- Education: Brigham Young University–Hawaii University of Hawaii

= Bode Uale =

American judge

Bode Uale was the first family court judge appointed in the United States who was of Samoan descent. Uale currently serves as the lead judge of the Honolulu Family Court's Domestic Division.

He was raised in Laie, Hawaii and graduated in 1979 from Brigham Young University–Hawaii with a degree in political science. He later earned a Juris Doctor in 1984 from the University of Hawaiʻi. He worked as a public defender from 1984 to 1989 and practiced private law from 1989 to 1991. He was appointed as a family court judge by Chief Justice Herman Lum in 1991. His current assignment is as Lead Judge of the Domestic Division of the Honolulu Family Court. He is also an advisory board member for the “Imi Ho’ola” Minority Admissions Program for the School of Medicine at the University of Hawaii.
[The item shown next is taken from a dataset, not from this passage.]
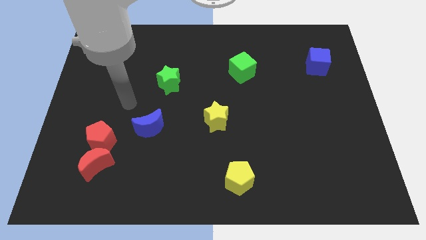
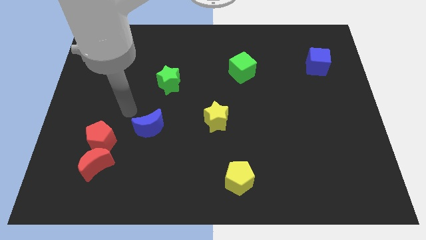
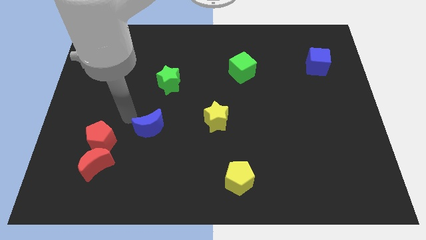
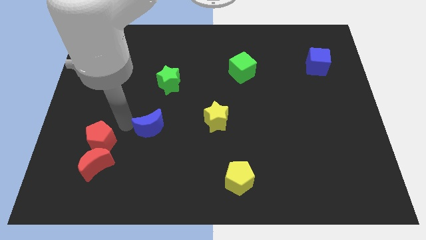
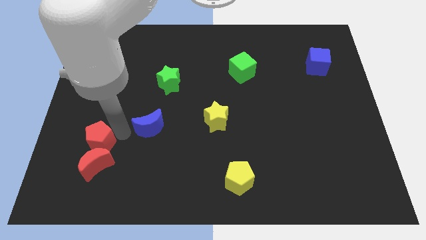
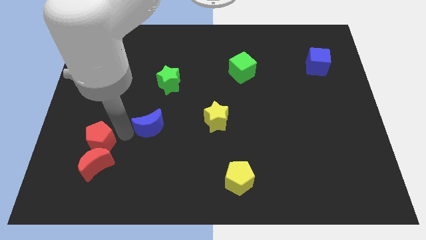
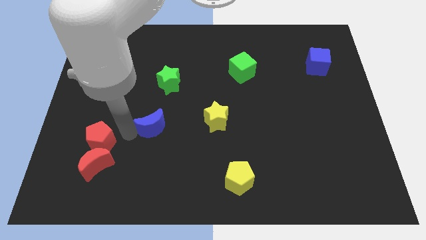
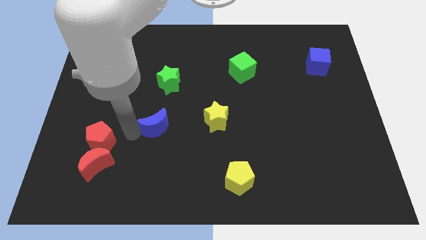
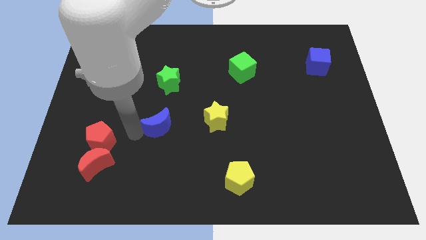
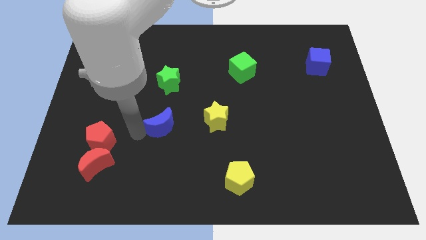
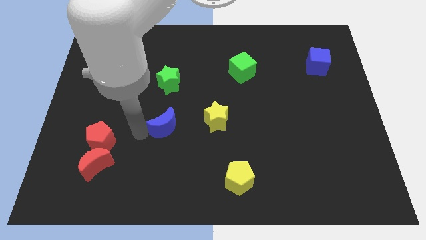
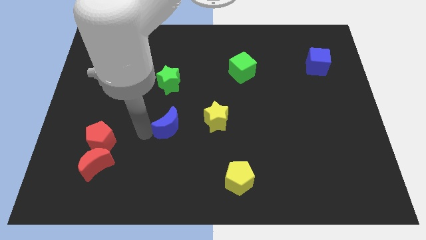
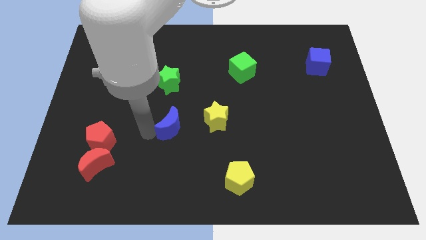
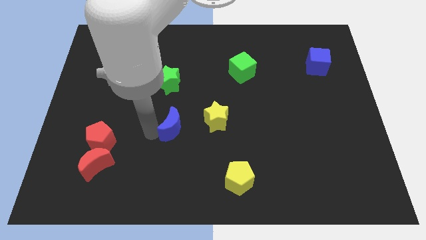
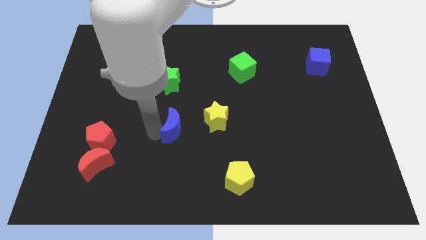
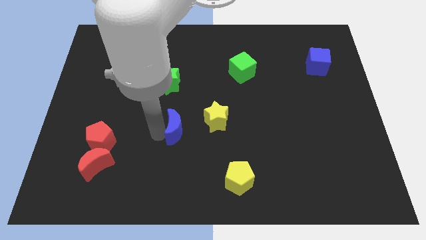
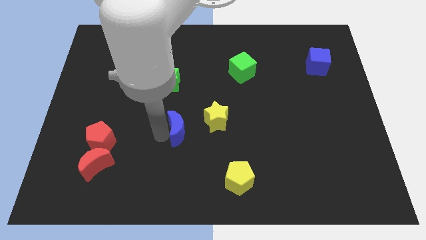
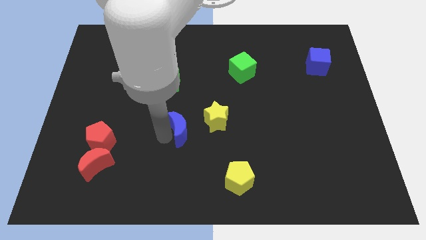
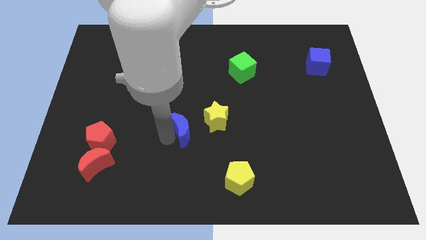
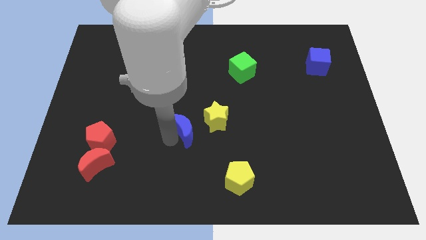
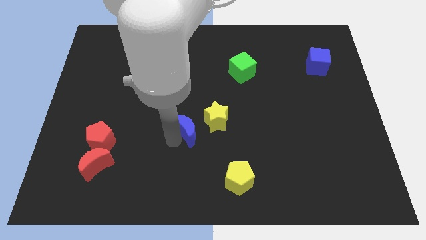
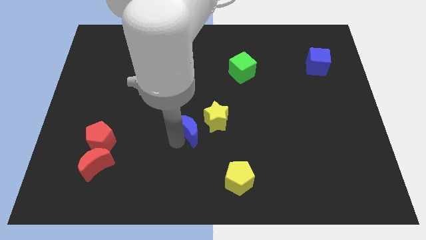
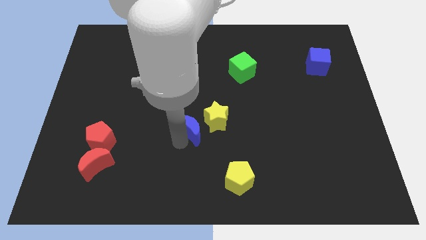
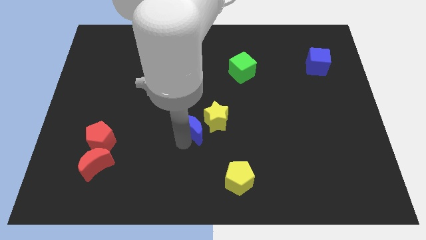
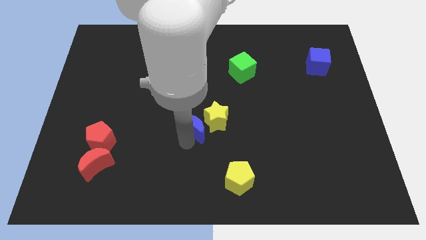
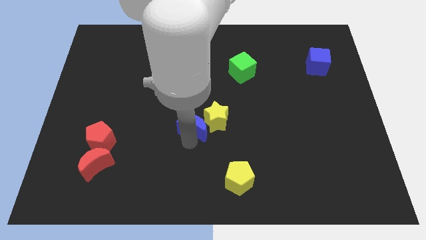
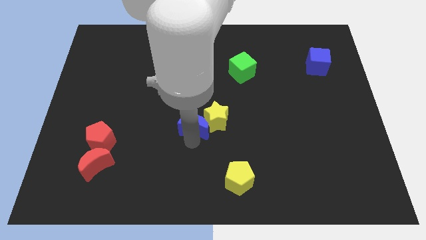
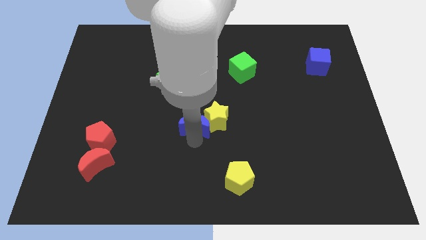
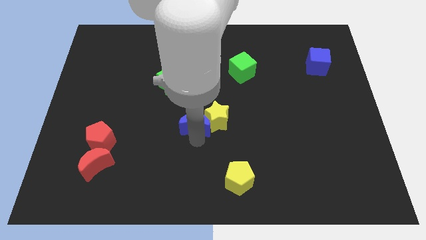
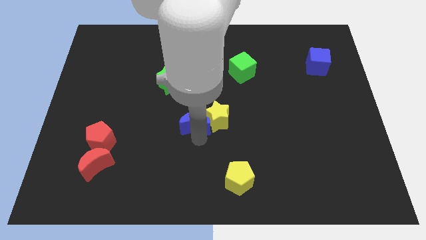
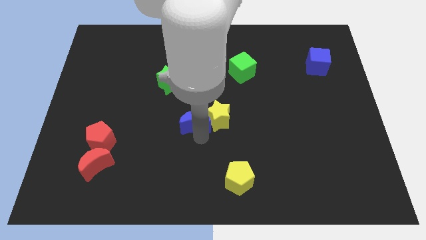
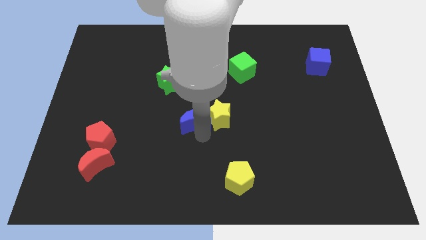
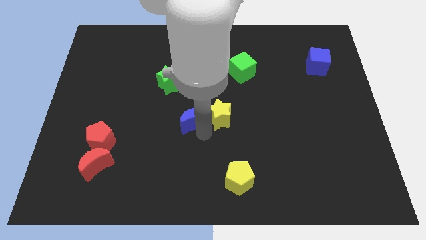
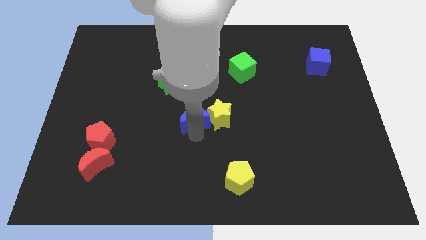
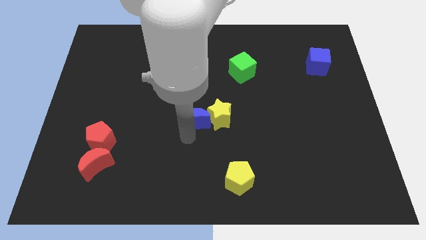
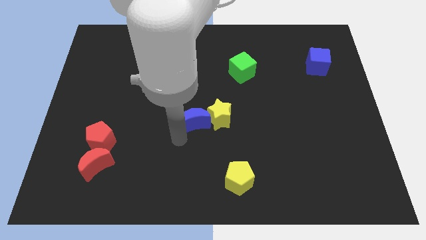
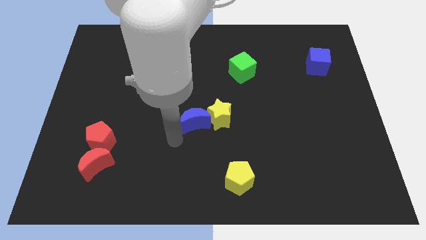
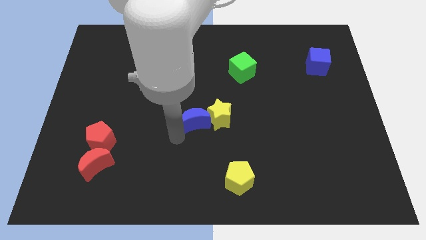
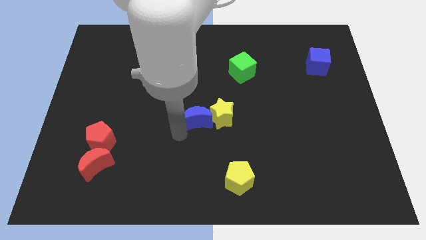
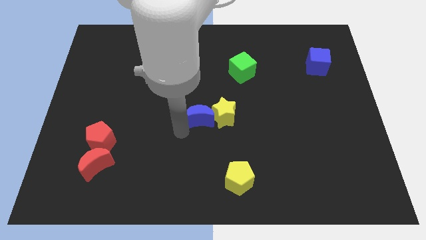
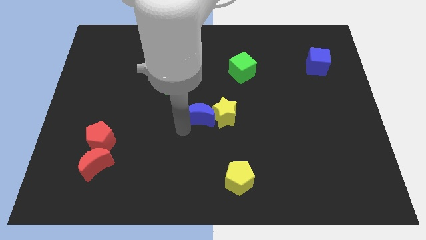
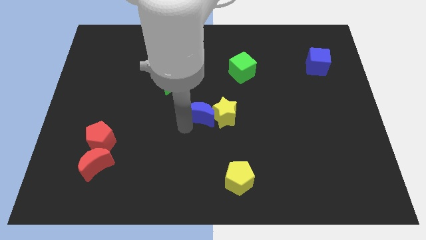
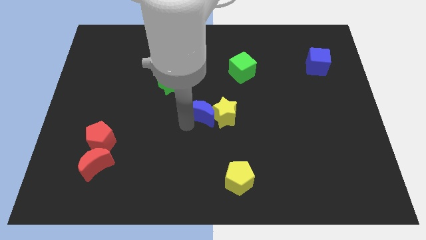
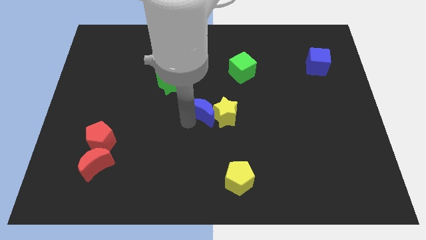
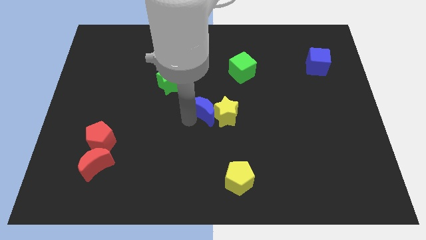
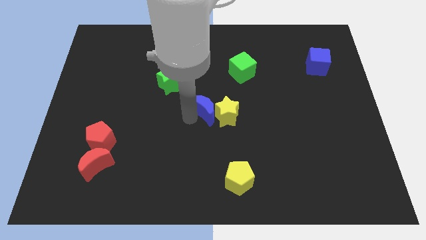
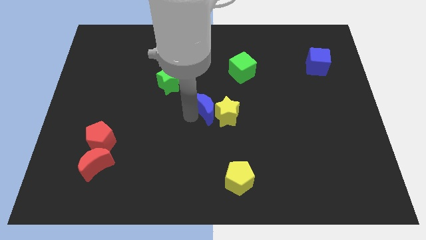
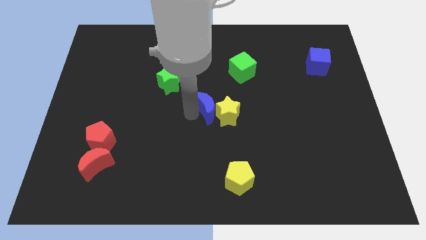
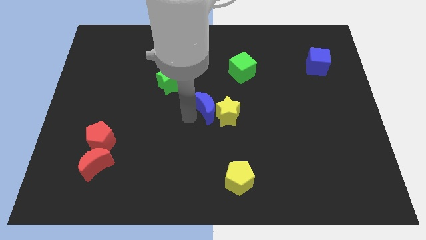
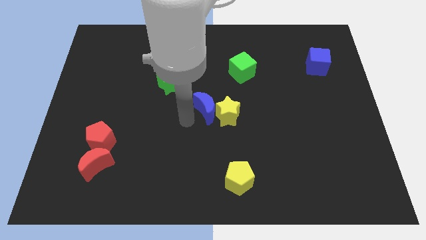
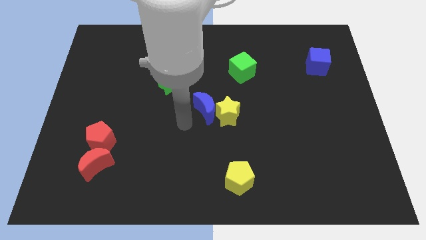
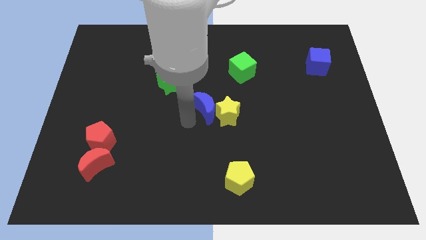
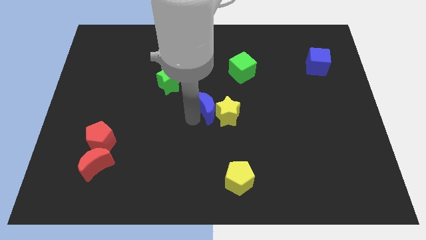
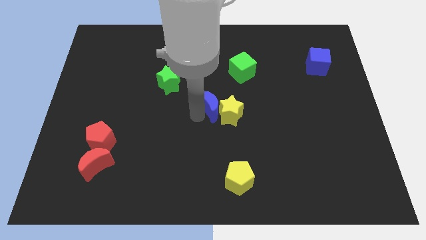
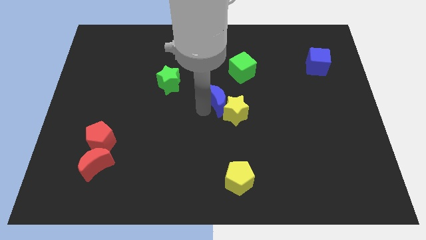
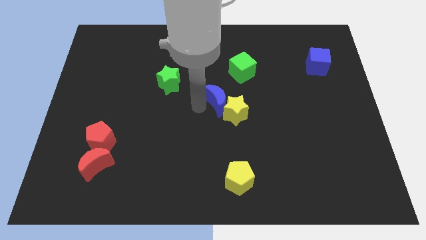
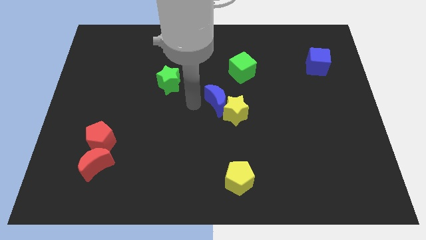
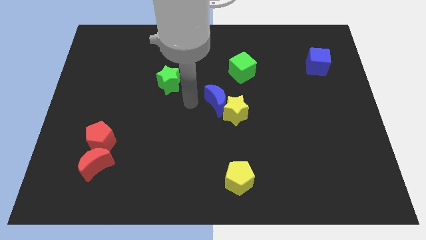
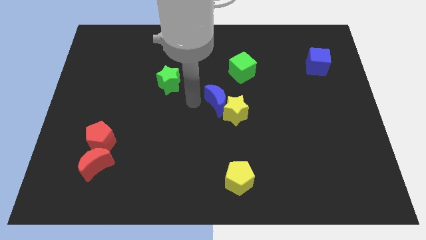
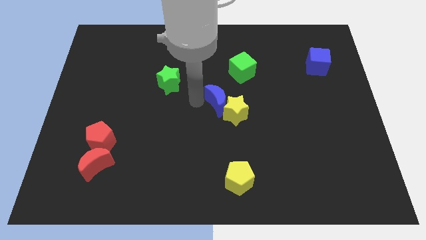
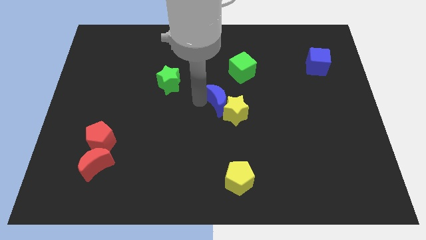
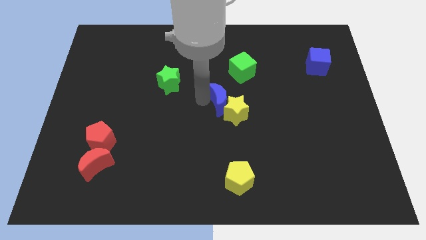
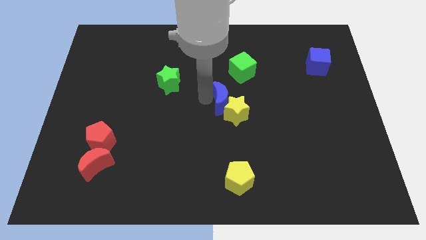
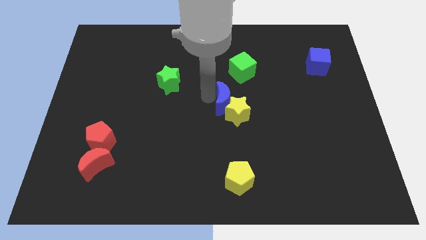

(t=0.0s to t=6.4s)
push the blue moon to the bottom of the green cube

He participates in an innovative family drug court program that helps parents put their families back together.

Aside from his position as a judge, Uale served as the president of the Honolulu Hawaii Stake of the Church of Jesus Christ of Latter-day Saints.

Uale and his wife Beth are the parents of four children, most notably Andria Tupola. Beth was recognized as Hawaii mother of the year in 2004.